Records from a collection
########
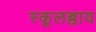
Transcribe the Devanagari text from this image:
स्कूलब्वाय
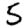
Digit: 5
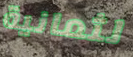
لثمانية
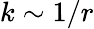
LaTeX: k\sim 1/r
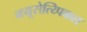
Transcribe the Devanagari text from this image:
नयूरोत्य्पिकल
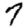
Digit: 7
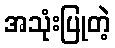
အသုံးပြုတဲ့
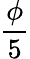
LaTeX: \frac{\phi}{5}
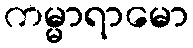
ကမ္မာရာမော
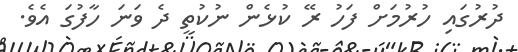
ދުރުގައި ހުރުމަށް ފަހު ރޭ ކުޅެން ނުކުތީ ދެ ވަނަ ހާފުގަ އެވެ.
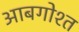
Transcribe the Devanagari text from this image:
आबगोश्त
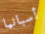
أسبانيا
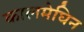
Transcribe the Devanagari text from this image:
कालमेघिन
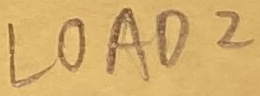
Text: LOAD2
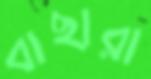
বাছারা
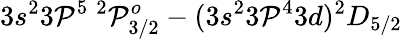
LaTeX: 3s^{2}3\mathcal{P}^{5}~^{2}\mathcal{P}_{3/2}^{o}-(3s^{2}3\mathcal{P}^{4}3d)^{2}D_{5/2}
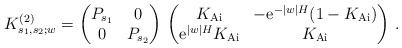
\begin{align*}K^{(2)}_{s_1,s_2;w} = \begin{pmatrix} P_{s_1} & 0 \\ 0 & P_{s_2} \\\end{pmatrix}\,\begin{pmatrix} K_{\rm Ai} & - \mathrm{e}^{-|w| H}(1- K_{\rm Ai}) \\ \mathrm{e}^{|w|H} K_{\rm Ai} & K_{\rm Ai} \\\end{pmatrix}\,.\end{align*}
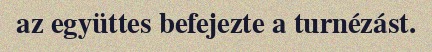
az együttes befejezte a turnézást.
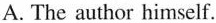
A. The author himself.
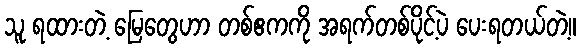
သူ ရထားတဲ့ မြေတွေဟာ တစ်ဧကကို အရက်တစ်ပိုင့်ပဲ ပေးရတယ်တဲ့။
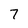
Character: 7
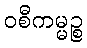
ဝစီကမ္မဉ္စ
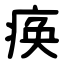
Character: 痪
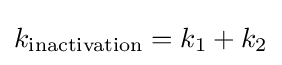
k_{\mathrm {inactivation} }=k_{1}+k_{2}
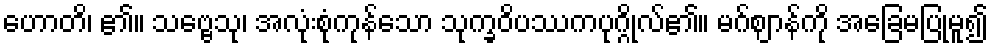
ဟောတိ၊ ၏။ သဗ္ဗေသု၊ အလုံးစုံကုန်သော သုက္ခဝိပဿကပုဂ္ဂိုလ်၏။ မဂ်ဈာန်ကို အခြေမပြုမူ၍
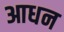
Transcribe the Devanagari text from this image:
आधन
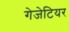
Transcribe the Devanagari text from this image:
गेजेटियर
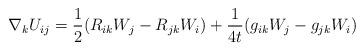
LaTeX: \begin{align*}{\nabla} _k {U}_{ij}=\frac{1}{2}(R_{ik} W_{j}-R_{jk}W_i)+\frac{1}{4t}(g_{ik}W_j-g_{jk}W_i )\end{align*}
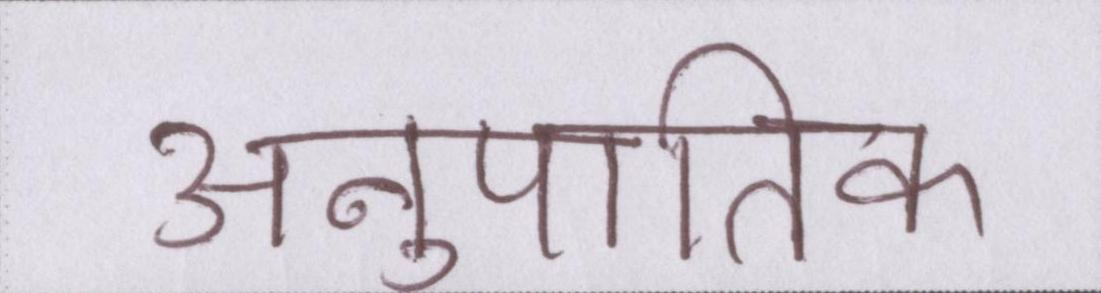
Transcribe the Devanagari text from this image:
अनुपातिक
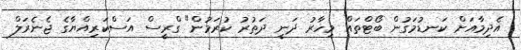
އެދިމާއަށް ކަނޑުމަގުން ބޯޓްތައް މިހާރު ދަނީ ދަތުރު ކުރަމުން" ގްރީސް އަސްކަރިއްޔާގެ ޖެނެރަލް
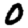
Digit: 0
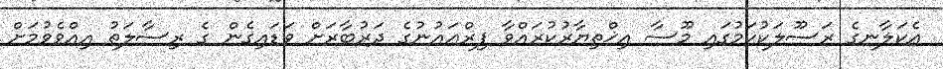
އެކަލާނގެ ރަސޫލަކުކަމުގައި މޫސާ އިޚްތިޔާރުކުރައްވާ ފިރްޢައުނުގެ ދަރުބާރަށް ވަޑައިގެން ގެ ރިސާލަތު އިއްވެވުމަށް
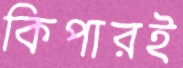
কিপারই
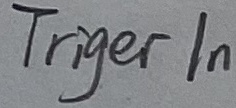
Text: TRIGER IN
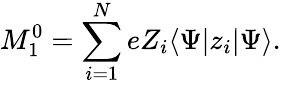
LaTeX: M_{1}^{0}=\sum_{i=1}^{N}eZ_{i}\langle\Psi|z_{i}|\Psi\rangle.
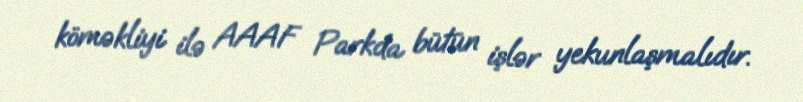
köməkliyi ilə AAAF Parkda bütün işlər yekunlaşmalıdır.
########
Print all of the data exactly, and do not carry over any pictures.

Transcribe the Devanagari text from this image:
स्कूलब्वाय
Digit: 5
لثمانية
LaTeX: k\sim 1/r
Transcribe the Devanagari text from this image:
नयूरोत्य्पिकल
Digit: 7
အသုံးပြုတဲ့
LaTeX: \frac{\phi}{5}
ကမ္မာရာမော
ދުރުގައި ހުރުމަށް ފަހު ރޭ ކުޅެން ނުކުތީ ދެ ވަނަ ހާފުގަ އެވެ.
Transcribe the Devanagari text from this image:
आबगोश्त
أسبانيا
Transcribe the Devanagari text from this image:
कालमेघिन
Text: LOAD2
বাছারা
LaTeX: 3s^{2}3\mathcal{P}^{5}~^{2}\mathcal{P}_{3/2}^{o}-(3s^{2}3\mathcal{P}^{4}3d)^{2}D_{5/2}
\begin{align*}K^{(2)}_{s_1,s_2;w} = \begin{pmatrix} P_{s_1} & 0 \\ 0 & P_{s_2} \\\end{pmatrix}\,\begin{pmatrix} K_{\rm Ai} & - \mathrm{e}^{-|w| H}(1- K_{\rm Ai}) \\ \mathrm{e}^{|w|H} K_{\rm Ai} & K_{\rm Ai} \\\end{pmatrix}\,.\end{align*}
az együttes befejezte a turnézást.
A. The author himself.
သူ ရထားတဲ့ မြေတွေဟာ တစ်ဧကကို အရက်တစ်ပိုင့်ပဲ ပေးရတယ်တဲ့။
Character: 7
ဝစီကမ္မဉ္စ
Character: 痪
k_{\mathrm {inactivation} }=k_{1}+k_{2}
ဟောတိ၊ ၏။ သဗ္ဗေသု၊ အလုံးစုံကုန်သော သုက္ခဝိပဿကပုဂ္ဂိုလ်၏။ မဂ်ဈာန်ကို အခြေမပြုမူ၍
Transcribe the Devanagari text from this image:
आधन
Transcribe the Devanagari text from this image:
गेजेटियर
LaTeX: \begin{align*}{\nabla} _k {U}_{ij}=\frac{1}{2}(R_{ik} W_{j}-R_{jk}W_i)+\frac{1}{4t}(g_{ik}W_j-g_{jk}W_i )\end{align*}
Transcribe the Devanagari text from this image:
अनुपातिक
އެދިމާއަށް ކަނޑުމަގުން ބޯޓްތައް މިހާރު ދަނީ ދަތުރު ކުރަމުން" ގްރީސް އަސްކަރިއްޔާގެ ޖެނެރަލް
Digit: 0
އެކަލާނގެ ރަސޫލަކުކަމުގައި މޫސާ އިޚްތިޔާރުކުރައްވާ ފިރްޢައުނުގެ ދަރުބާރަށް ވަޑައިގެން ގެ ރިސާލަތު އިއްވެވުމަށް
কিপারই
Text: TRIGER IN
LaTeX: M_{1}^{0}=\sum_{i=1}^{N}eZ_{i}\langle\Psi|z_{i}|\Psi\rangle.
köməkliyi ilə AAAF Parkda bütün işlər yekunlaşmalıdır.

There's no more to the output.